**Supplied information**

------------

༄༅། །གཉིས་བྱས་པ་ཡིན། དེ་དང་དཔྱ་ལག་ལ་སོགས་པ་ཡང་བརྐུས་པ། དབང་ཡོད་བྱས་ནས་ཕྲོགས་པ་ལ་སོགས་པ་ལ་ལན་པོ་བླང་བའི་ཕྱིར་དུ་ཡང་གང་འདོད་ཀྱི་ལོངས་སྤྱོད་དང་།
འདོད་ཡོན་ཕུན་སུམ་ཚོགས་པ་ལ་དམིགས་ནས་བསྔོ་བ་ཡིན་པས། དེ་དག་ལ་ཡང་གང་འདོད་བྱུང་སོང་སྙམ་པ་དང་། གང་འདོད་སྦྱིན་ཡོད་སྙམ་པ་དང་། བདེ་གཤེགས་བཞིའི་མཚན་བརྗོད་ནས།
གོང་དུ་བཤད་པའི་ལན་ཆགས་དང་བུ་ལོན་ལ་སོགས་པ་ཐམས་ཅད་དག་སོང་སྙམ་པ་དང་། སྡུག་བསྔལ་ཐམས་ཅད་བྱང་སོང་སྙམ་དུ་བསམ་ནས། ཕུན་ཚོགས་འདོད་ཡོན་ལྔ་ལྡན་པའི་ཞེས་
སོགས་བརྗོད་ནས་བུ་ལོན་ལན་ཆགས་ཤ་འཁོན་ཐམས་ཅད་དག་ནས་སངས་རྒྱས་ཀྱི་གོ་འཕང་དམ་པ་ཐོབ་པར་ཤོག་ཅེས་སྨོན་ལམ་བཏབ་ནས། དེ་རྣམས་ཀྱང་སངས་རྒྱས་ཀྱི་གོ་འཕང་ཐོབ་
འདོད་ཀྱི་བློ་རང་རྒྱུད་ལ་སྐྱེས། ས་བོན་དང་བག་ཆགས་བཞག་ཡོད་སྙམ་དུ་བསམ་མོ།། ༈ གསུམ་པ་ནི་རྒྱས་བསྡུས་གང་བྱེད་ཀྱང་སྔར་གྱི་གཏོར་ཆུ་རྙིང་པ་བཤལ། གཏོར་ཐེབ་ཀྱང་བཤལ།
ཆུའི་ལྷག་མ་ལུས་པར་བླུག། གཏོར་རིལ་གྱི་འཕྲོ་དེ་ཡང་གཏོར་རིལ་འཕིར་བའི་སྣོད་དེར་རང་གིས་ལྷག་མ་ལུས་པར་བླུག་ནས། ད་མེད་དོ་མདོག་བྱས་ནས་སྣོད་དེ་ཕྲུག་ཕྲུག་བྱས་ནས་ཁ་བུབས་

------------

**Required action**
The entries above are to be retyped exactly, with nothing left out.

**Exercise output**
༄༅། །གཉིས་བྱས་པ་ཡིན། དེ་དང་དཔྱ་ལག་ལ་སོགས་པ་ཡང་བརྐུས་པ། དབང་ཡོད་བྱས་ནས་ཕྲོགས་པ་ལ་སོགས་པ་ལ་ལན་པོ་བླང་བའི་ཕྱིར་དུ་ཡང་གང་འདོད་ཀྱི་ལོངས་སྤྱོད་དང་།
འདོད་ཡོན་ཕུན་སུམ་ཚོགས་པ་ལ་དམིགས་ནས་བསྔོ་བ་ཡིན་པས། དེ་དག་ལ་ཡང་གང་འདོད་བྱུང་སོང་སྙམ་པ་དང་། གང་འདོད་སྦྱིན་ཡོད་སྙམ་པ་དང་། བདེ་གཤེགས་བཞིའི་མཚན་བརྗོད་ནས།
གོང་དུ་བཤད་པའི་ལན་ཆགས་དང་བུ་ལོན་ལ་སོགས་པ་ཐམས་ཅད་དག་སོང་སྙམ་པ་དང་། སྡུག་བསྔལ་ཐམས་ཅད་བྱང་སོང་སྙམ་དུ་བསམ་ནས། ཕུན་ཚོགས་འདོད་ཡོན་ལྔ་ལྡན་པའི་ཞེས་
སོགས་བརྗོད་ནས་བུ་ལོན་ལན་ཆགས་ཤ་འཁོན་ཐམས་ཅད་དག་ནས་སངས་རྒྱས་ཀྱི་གོ་འཕང་དམ་པ་ཐོབ་པར་ཤོག་ཅེས་སྨོན་ལམ་བཏབ་ནས། དེ་རྣམས་ཀྱང་སངས་རྒྱས་ཀྱི་གོ་འཕང་ཐོབ་
འདོད་ཀྱི་བློ་རང་རྒྱུད་ལ་སྐྱེས། ས་བོན་དང་བག་ཆགས་བཞག་ཡོད་སྙམ་དུ་བསམ་མོ།། ༈ གསུམ་པ་ནི་རྒྱས་བསྡུས་གང་བྱེད་ཀྱང་སྔར་གྱི་གཏོར་ཆུ་རྙིང་པ་བཤལ། གཏོར་ཐེབ་ཀྱང་བཤལ།
ཆུའི་ལྷག་མ་ལུས་པར་བླུག། གཏོར་རིལ་གྱི་འཕྲོ་དེ་ཡང་གཏོར་རིལ་འཕིར་བའི་སྣོད་དེར་རང་གིས་ལྷག་མ་ལུས་པར་བླུག་ནས། ད་མེད་དོ་མདོག་བྱས་ནས་སྣོད་དེ་ཕྲུག་ཕྲུག་བྱས་ནས་ཁ་བུབས་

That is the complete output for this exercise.